CPPSRB has other "fairness" attributes too. With backpay, you have the potential to earn full PPS for every share you've ever submitted. PPLNS throws away shares after a given time frame; you will never earn anything for them. I suppose that if the "N" in PPLNS is large enough, you get kind of the same thing (since shelved shares that are old enough are unlikely to ever be paid out).
No, even if "N" is relatively small, you
cant[/s] still expect to be paid the same as PPS for every share. A larger "N" just reduces variance. I'm not sure what "N" would equate with CPPSRB in terms of variance.
Over time both CPPSRB and PPLNS will converge to the expected value per share.
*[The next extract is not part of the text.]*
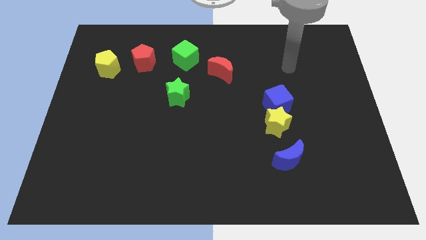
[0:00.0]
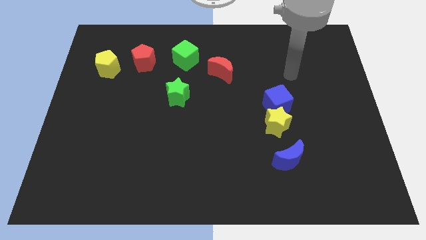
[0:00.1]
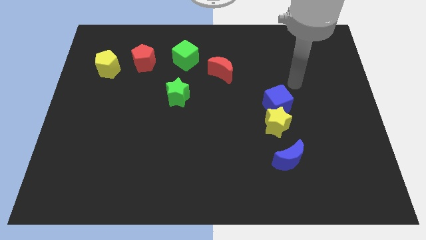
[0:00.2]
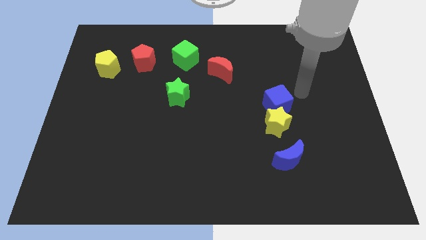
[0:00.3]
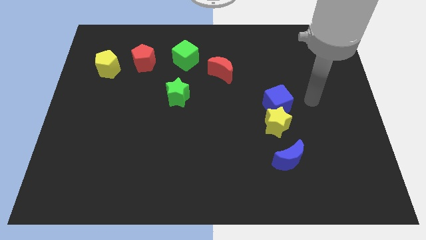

I'm not sure what the difference in variance between the two is.
I didn't mean that it was the same as PPLNS, I just meant that CPPSRB is somewhat similar to PPLNS with a large "N", in the way that they both could pay for shares that are relatively "old".
Also, as un_ordinateur pointed out, CPPSRB could reasonably be portrayed as PPLNUS. Looks at CPPSRB from another angle.
I don't know if this makes a difference to you, but my original post contained a bizarre typo which changed the whole meaning of what I wrote. Fixed in the quote above.
Well, kind of yes, kind of no (in terms of it making a difference). Of course in the long run, PPLNS and PPS converge to equal the same amount. I have never stated otherwise.
But each system has its "intuitive" appeal to people who don't fully understand/believe in the Law of Large Numbers. Some people like everything to be accounted for, and to have steady, predictable earnings under PPS. Others like to gamble, to have the idea that they can earn more than their "fair share" by having shares double-paid under PPLNS.
Of course this will not be the only thing that is taken into consideration when choosing a pool. I think that Eligius gets a first glance from most miners due to its 0% fees.